Implement the adjacency matrix method of the Graph class.  This returns a matrix representing the adjacency of the graph (in scipy COO sparse format), as well as a list of nodes that indicate how the indices in this graph relate to the nodes in the network.

IMPORTANT: in order to complete this question in a manner that works on the Wikipedia, you will _need_ to implement this function natively as a sparse matrix (i.e., you cannot construct a dense matrix and then convert that to a sparse matrix, but need to directly use the `sp.coo_matrix()` constructor).  The Wikipedia graph is is 24K x 24K nodes, which (assuming 8 bytes per entry, would take up 4GB of memory.  While it's not impossible to do things this way at this scale (it quickly becomes infeasible for graphs that are even slightly larger), it's a very bad idea, and just allocating this much memory will take too long.

For example, in our graph above we have the following:

In [None]:
# AUTOLAB_IGNORE_START
A, nlist = G.adjacency_matrix()
print type(A)
print A.todense()
print nlist
# AUTOLAB_IGNORE_STOP

Again, make sure your code works on the Wikipedia graph.  In our implementation, it takes 9 seconds to run on this graph.

## Q4: PageRank algorithm

Finally, implement the PageRank algorithm using the adjacency matrix representation that you built in the previous question.  Reference on the PageRank algorithm is here: https://en.wikipedia.org/wiki/PageRank.  You should specifically use the approach described in the "Power Method" section on this page, which we also discussed in class.  This involves forming some initial uniform probability vector $x$, and repeatly multiplying it by the matrices:
\begin{equation}
x := (d P + ((1-d)/n) E)x
\end{equation}
where $P$ is a transition matrix (the $A$ matrix normalized so that all columns have sum 1), $E$ is the matrix of all ones, and $d$ is the damping factor.

NOTES: Recall that from the definition of PageRank, when we reach a "sink" node (a node with no outgoing edges), we randomly hope to any other node in the network, so that columns of $P$ that have no outgoing edges are set to the uniform distribution.  To be efficient, you'll also want to avoid explicitly forming the $E$ matrix, and should instead use the fact that $E = 11^T$ where $1$ denotes a vector of all ones.  Use the fact that we can reorder matrix multiplication if associative (i.e., the fact the $A(BC)$ = $(AB)C$) to make this operation as fast as possible.
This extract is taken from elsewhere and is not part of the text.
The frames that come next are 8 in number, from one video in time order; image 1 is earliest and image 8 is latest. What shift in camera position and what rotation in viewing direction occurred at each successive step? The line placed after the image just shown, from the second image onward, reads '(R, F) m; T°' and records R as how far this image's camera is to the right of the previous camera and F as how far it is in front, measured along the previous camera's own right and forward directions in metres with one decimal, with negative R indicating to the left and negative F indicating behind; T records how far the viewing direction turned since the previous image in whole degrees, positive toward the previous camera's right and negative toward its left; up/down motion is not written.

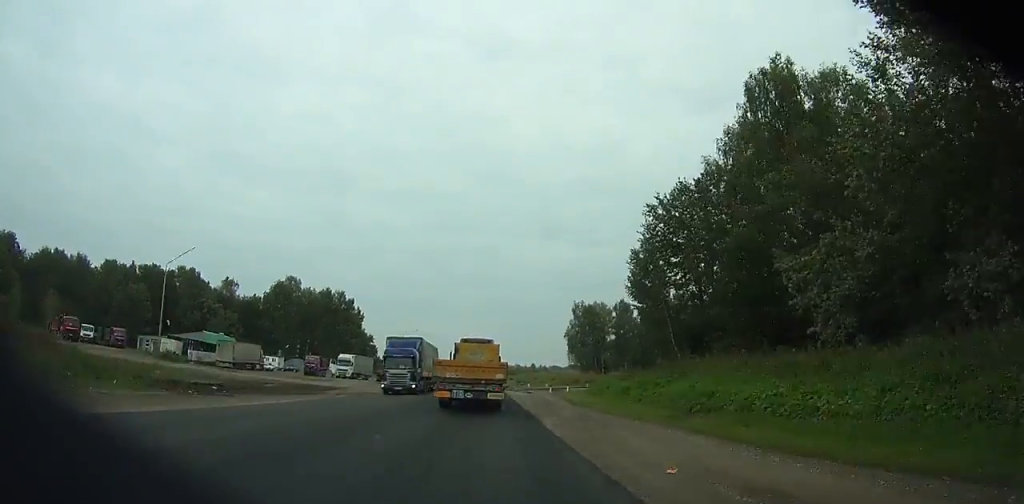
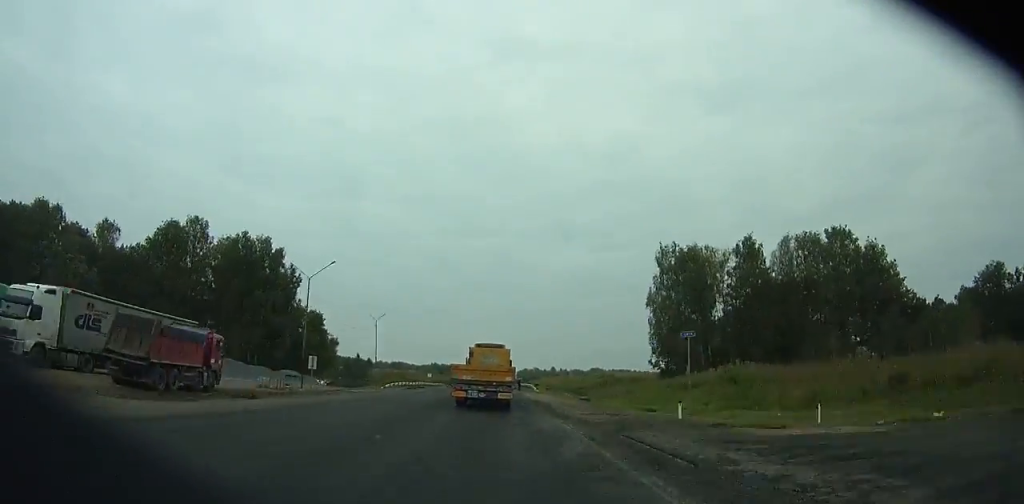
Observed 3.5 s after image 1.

Your function should return a dictionary of nodes and their corresponding page rank.  For example, in our graph above, we have the following reults:

In [None]:
# AUTOLAB_IGNORE_START
G.pagerank()
# AUTOLAB_IGNORE_STOP

As is intuitive, nodes B and C have higher page rank, as they are pointed to by more of the other nodes.

Make sure your implementation works on the full Wikipedia graph (in our implementation, it takes 11 seconds to run, most of which is taken up by generating the adjacency matrix).  The top PageRank entires we get from our implementation are (drumroll...)

    United_States 0.00275188705264
    2007 0.00244339053989
    2008 0.00217342514773
    Wikimedia_Commons 0.00172604200122
    United_Kingdom 0.00159998851013
    2006 0.00154844911674
    France 0.00144958994072
    Wiktionary 0.00126753476354
    Canada 0.00109896195215
    World_War_II 0.00104913079624
    2005 0.00104633024568
    List_of_African_films 0.00100713870383
    Germany 0.000956262192248
    Europe 0.000937690025073
    English_language 0.000908144359626
    Geographic_coordinate_system 0.000891711151403
    Latin 0.000888662228804
    Australia 0.000879854710005
    India 0.000787625093175
    Japan 0.000784815389935

countries and years! (and wikipedia links and a couple other rather interesting items).  But overall a seemingly reasonable list of pages we may expect to be important.